TASK DESCRIPTION.
Before returning the data, strip out the pictures and keep everything else exactly the same.

EXTRACTED RECORDS Block Start

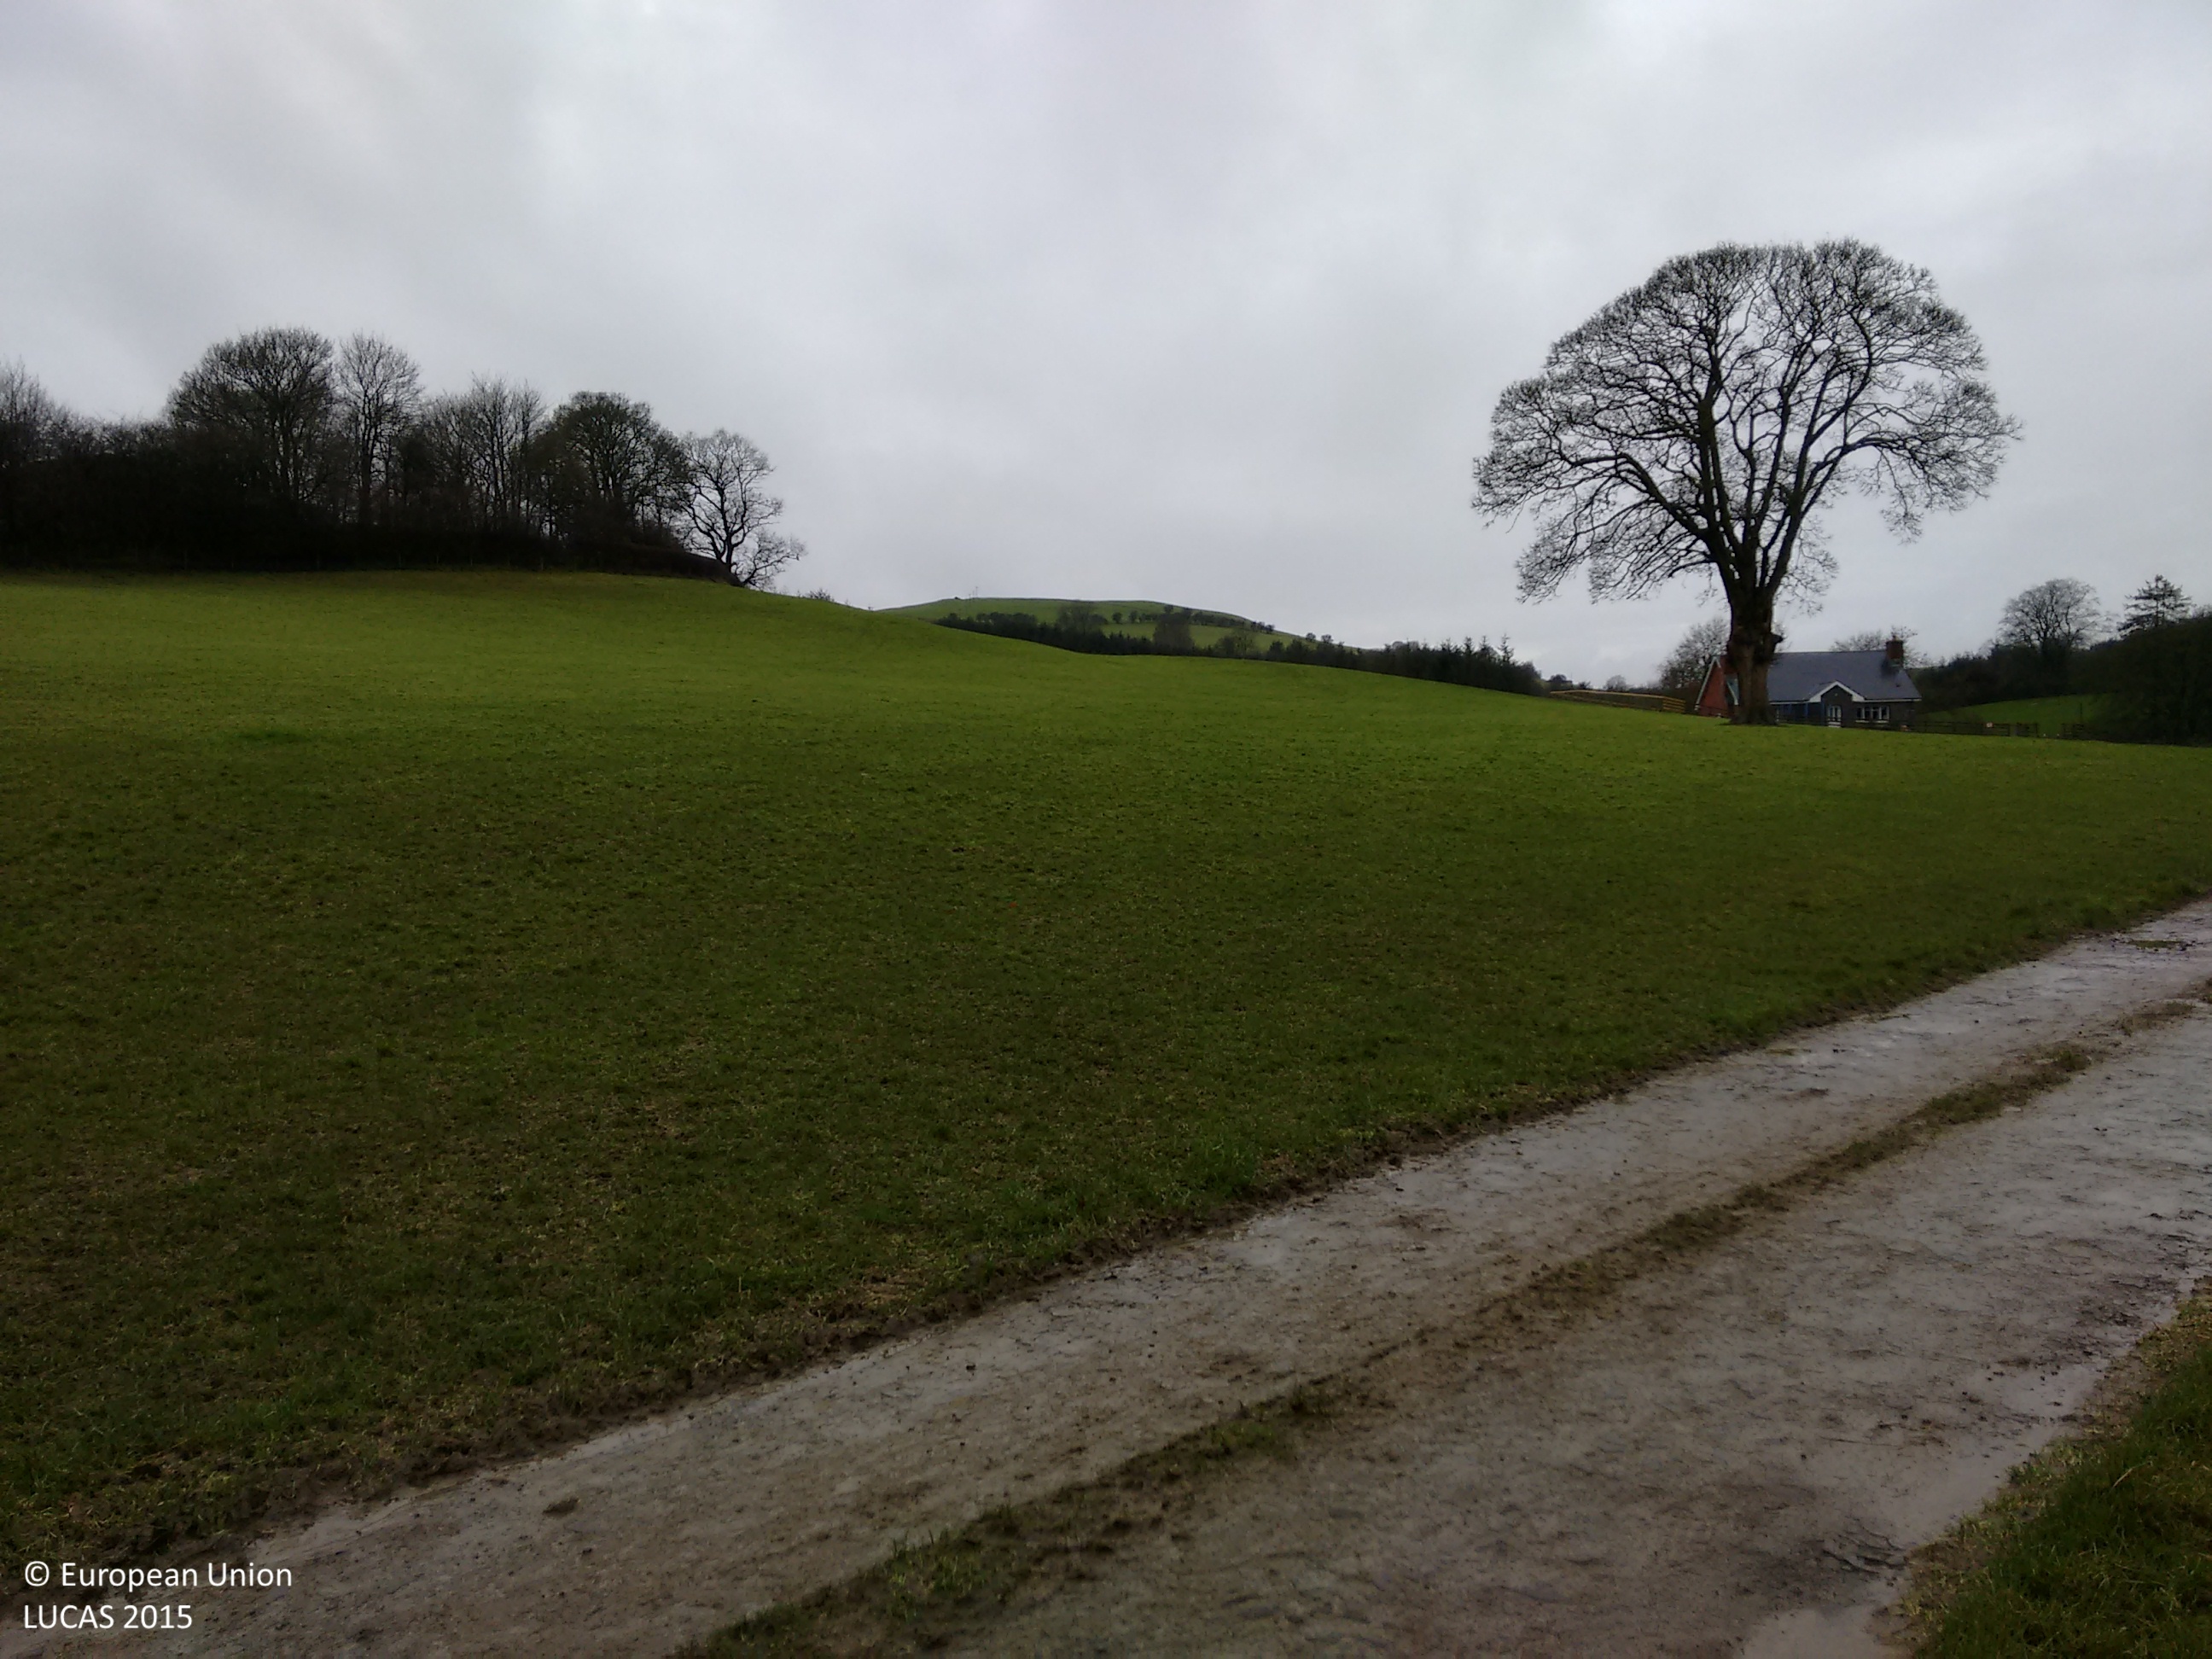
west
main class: Grassland
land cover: Grassland without tree/shrub cover
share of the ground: > 75 %
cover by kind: herbaceous plants 100 %
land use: Agriculture (excluding fallow land and kitchen gardens)
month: December
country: GB
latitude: 52.2185
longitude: -3.2086

EXTRACTED RECORDS Block End

REPLY TO THE EXERCISE.
west
main class: Grassland
land cover: Grassland without tree/shrub cover
share of the ground: > 75 %
cover by kind: herbaceous plants 100 %
land use: Agriculture (excluding fallow land and kitchen gardens)
month: December
country: GB
latitude: 52.2185
longitude: -3.2086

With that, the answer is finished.